= Exercise =
Each line from the one containing "What crop and" to the end of the data must be copied exactly, the first and last included; no other lines and no pictures belong in the copy.

= Provided material =
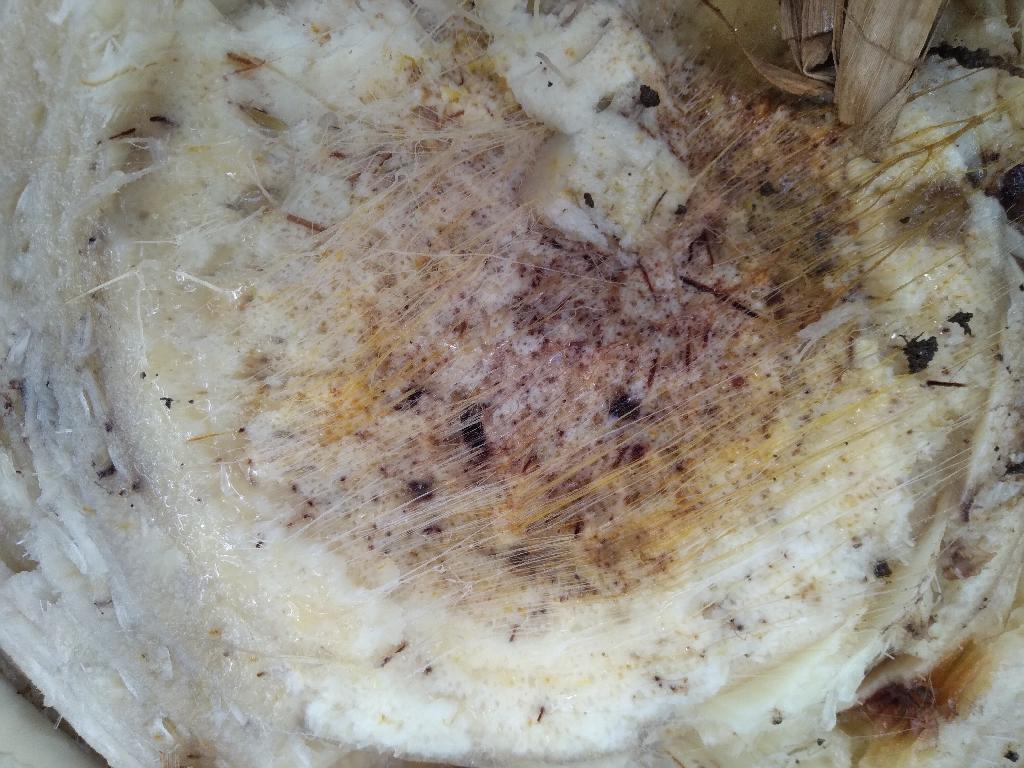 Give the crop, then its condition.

banana, fusarium wilt race 1
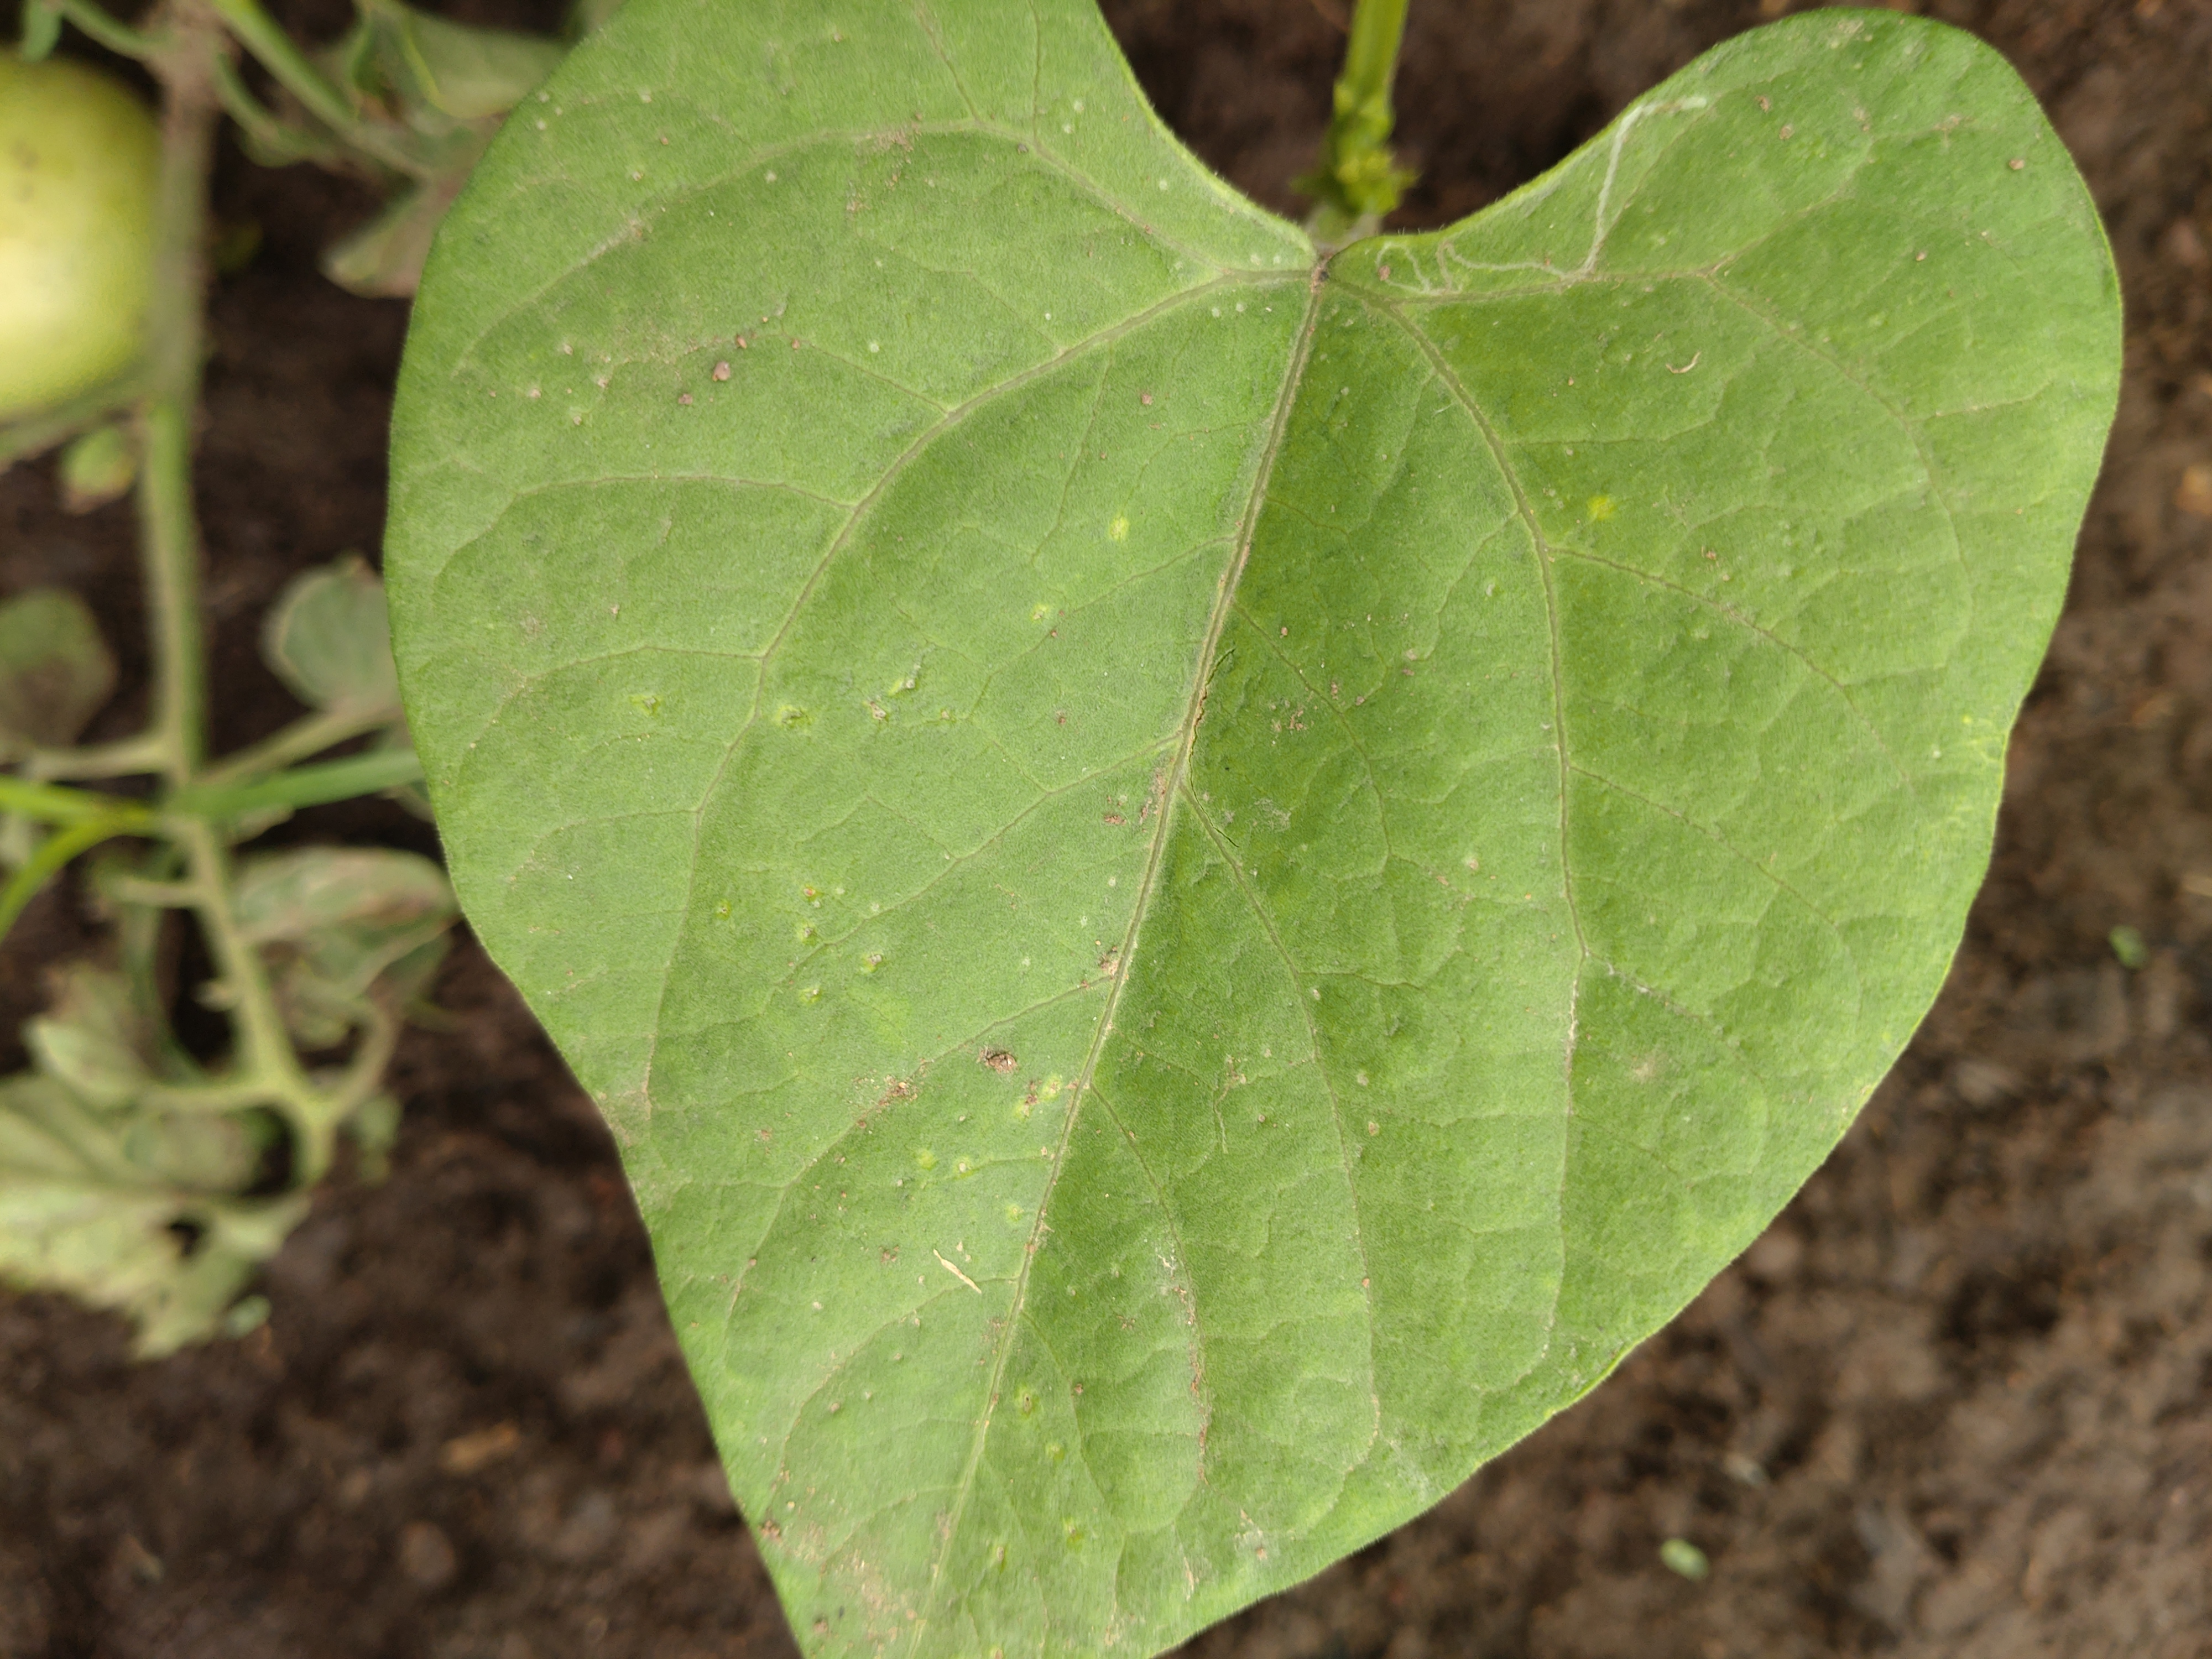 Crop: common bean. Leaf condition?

healthy
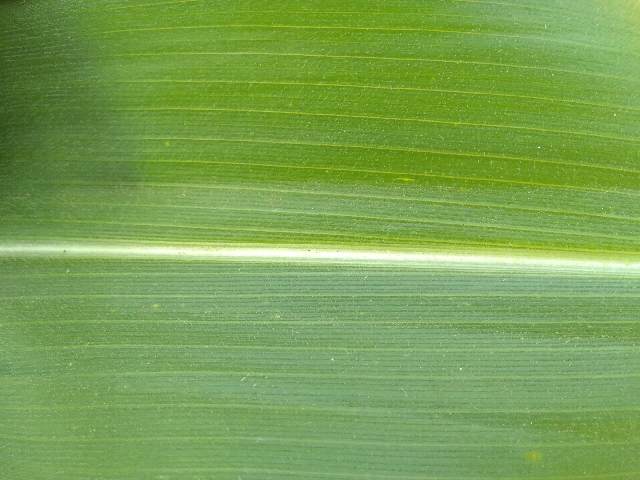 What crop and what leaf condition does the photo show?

maize, healthy

= Result =
 What crop and what leaf condition does the photo show?

maize, healthy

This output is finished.